Return the entries exactly. Images are not part of the copy.

- - - - -

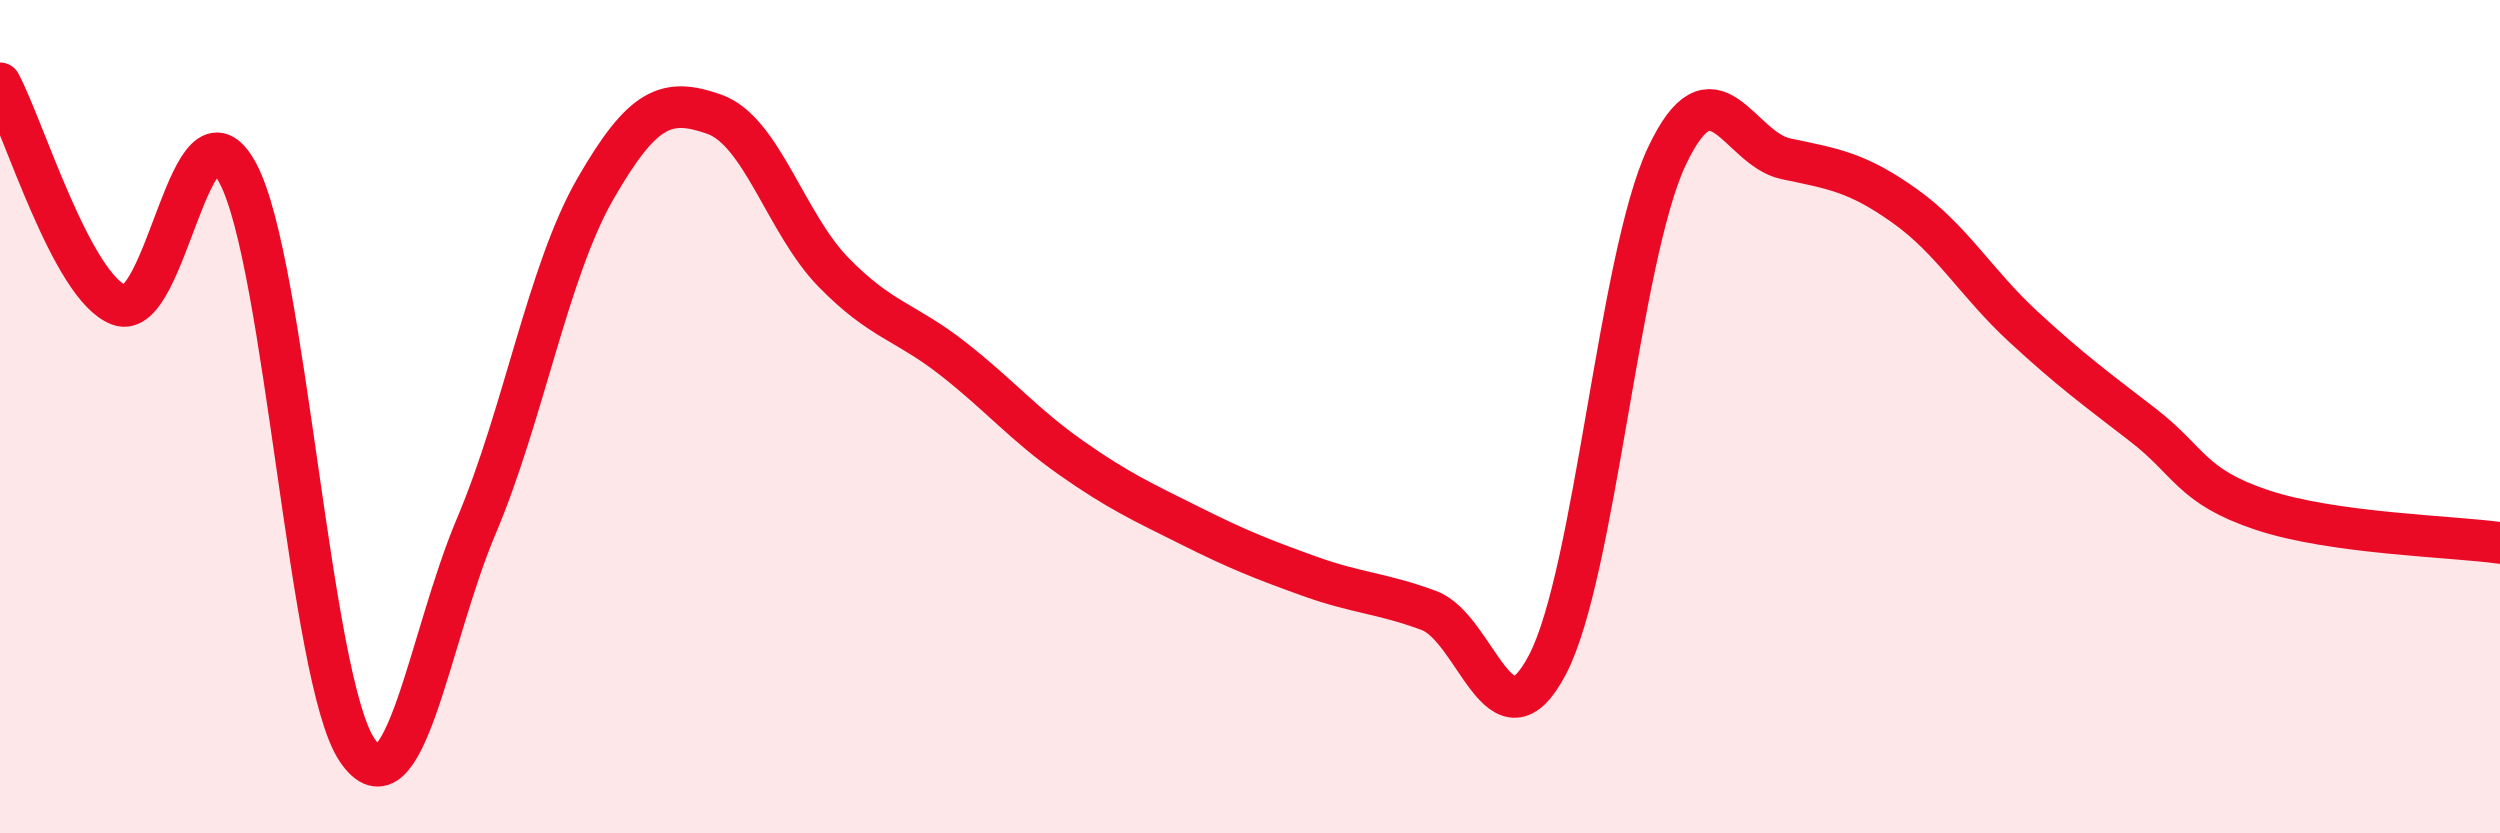 
    <svg width="60" height="20" viewBox="0 0 60 20" xmlns="http://www.w3.org/2000/svg">
      <path
        d="M 0,2 C 0.57,3.06 1.72,6.89 2.86,7.32 C 4,7.75 4.57,2.02 5.71,4.16 C 6.85,6.3 7.43,16.31 8.57,18 C 9.71,19.69 10.29,15.32 11.43,12.63 C 12.57,9.94 13.15,6.51 14.29,4.53 C 15.43,2.55 16,2.34 17.14,2.74 C 18.28,3.14 18.86,5.36 20,6.53 C 21.14,7.7 21.72,7.71 22.86,8.6 C 24,9.49 24.57,10.19 25.71,10.99 C 26.85,11.79 27.43,12.05 28.57,12.62 C 29.71,13.19 30.29,13.42 31.43,13.83 C 32.57,14.24 33.15,14.23 34.29,14.65 C 35.43,15.07 36,18.13 37.14,15.95 C 38.28,13.77 38.86,6.19 40,3.76 C 41.14,1.33 41.72,3.57 42.86,3.81 C 44,4.05 44.57,4.13 45.71,4.94 C 46.85,5.75 47.43,6.8 48.57,7.85 C 49.71,8.9 50.29,9.32 51.43,10.2 C 52.57,11.08 52.58,11.67 54.29,12.24 C 56,12.81 58.86,12.87 60,13.03L60 20L0 20Z"
        fill="#EB0A25"
        opacity="0.1"
        stroke-linecap="round"
        stroke-linejoin="round"
      />
      <path
        d="M 0,2 C 0.57,3.06 1.72,6.89 2.86,7.32 C 4,7.75 4.57,2.02 5.71,4.16 C 6.85,6.3 7.43,16.31 8.57,18 C 9.71,19.69 10.29,15.32 11.43,12.63 C 12.57,9.94 13.15,6.51 14.29,4.53 C 15.43,2.55 16,2.34 17.14,2.74 C 18.28,3.14 18.86,5.36 20,6.53 C 21.14,7.7 21.72,7.71 22.86,8.6 C 24,9.49 24.57,10.19 25.71,10.99 C 26.85,11.79 27.43,12.05 28.57,12.62 C 29.71,13.19 30.29,13.42 31.43,13.83 C 32.57,14.24 33.15,14.23 34.29,14.65 C 35.43,15.07 36,18.13 37.14,15.95 C 38.28,13.77 38.86,6.19 40,3.76 C 41.14,1.33 41.72,3.57 42.86,3.81 C 44,4.05 44.57,4.13 45.71,4.94 C 46.85,5.75 47.43,6.8 48.57,7.85 C 49.71,8.9 50.29,9.32 51.43,10.2 C 52.57,11.08 52.58,11.67 54.29,12.24 C 56,12.81 58.86,12.87 60,13.03"
        stroke="#EB0A25"
        stroke-width="1"
        fill="none"
        stroke-linecap="round"
        stroke-linejoin="round"
      />
    </svg>

- - - - -

Task solution>
    <svg width="60" height="20" viewBox="0 0 60 20" xmlns="http://www.w3.org/2000/svg">
      <path
        d="M 0,2 C 0.57,3.06 1.72,6.89 2.86,7.32 C 4,7.75 4.57,2.02 5.71,4.16 C 6.85,6.3 7.43,16.31 8.57,18 C 9.71,19.69 10.29,15.32 11.43,12.63 C 12.57,9.94 13.15,6.51 14.29,4.53 C 15.43,2.55 16,2.34 17.14,2.74 C 18.28,3.14 18.86,5.36 20,6.53 C 21.14,7.7 21.72,7.71 22.86,8.6 C 24,9.49 24.57,10.19 25.71,10.99 C 26.85,11.79 27.43,12.05 28.57,12.62 C 29.71,13.19 30.29,13.42 31.43,13.83 C 32.57,14.24 33.15,14.23 34.29,14.65 C 35.43,15.07 36,18.13 37.14,15.95 C 38.28,13.77 38.86,6.19 40,3.76 C 41.14,1.33 41.72,3.57 42.86,3.81 C 44,4.05 44.57,4.13 45.71,4.94 C 46.85,5.75 47.43,6.8 48.57,7.85 C 49.71,8.9 50.29,9.32 51.43,10.2 C 52.57,11.08 52.58,11.67 54.29,12.24 C 56,12.81 58.86,12.87 60,13.03L60 20L0 20Z"
        fill="#EB0A25"
        opacity="0.1"
        stroke-linecap="round"
        stroke-linejoin="round"
      />
      <path
        d="M 0,2 C 0.57,3.06 1.72,6.89 2.86,7.32 C 4,7.75 4.57,2.02 5.71,4.16 C 6.85,6.3 7.43,16.31 8.57,18 C 9.71,19.69 10.29,15.32 11.43,12.63 C 12.57,9.94 13.15,6.51 14.29,4.53 C 15.43,2.55 16,2.34 17.14,2.74 C 18.28,3.14 18.86,5.36 20,6.53 C 21.14,7.7 21.72,7.71 22.86,8.6 C 24,9.49 24.57,10.19 25.71,10.99 C 26.85,11.79 27.43,12.05 28.57,12.62 C 29.71,13.19 30.29,13.42 31.43,13.83 C 32.57,14.24 33.15,14.23 34.29,14.65 C 35.43,15.07 36,18.13 37.14,15.95 C 38.28,13.77 38.86,6.19 40,3.76 C 41.14,1.33 41.72,3.57 42.86,3.81 C 44,4.05 44.57,4.13 45.71,4.94 C 46.85,5.75 47.43,6.8 48.57,7.85 C 49.71,8.9 50.29,9.32 51.43,10.2 C 52.57,11.08 52.58,11.67 54.29,12.24 C 56,12.81 58.86,12.87 60,13.03"
        stroke="#EB0A25"
        stroke-width="1"
        fill="none"
        stroke-linecap="round"
        stroke-linejoin="round"
      />
    </svg>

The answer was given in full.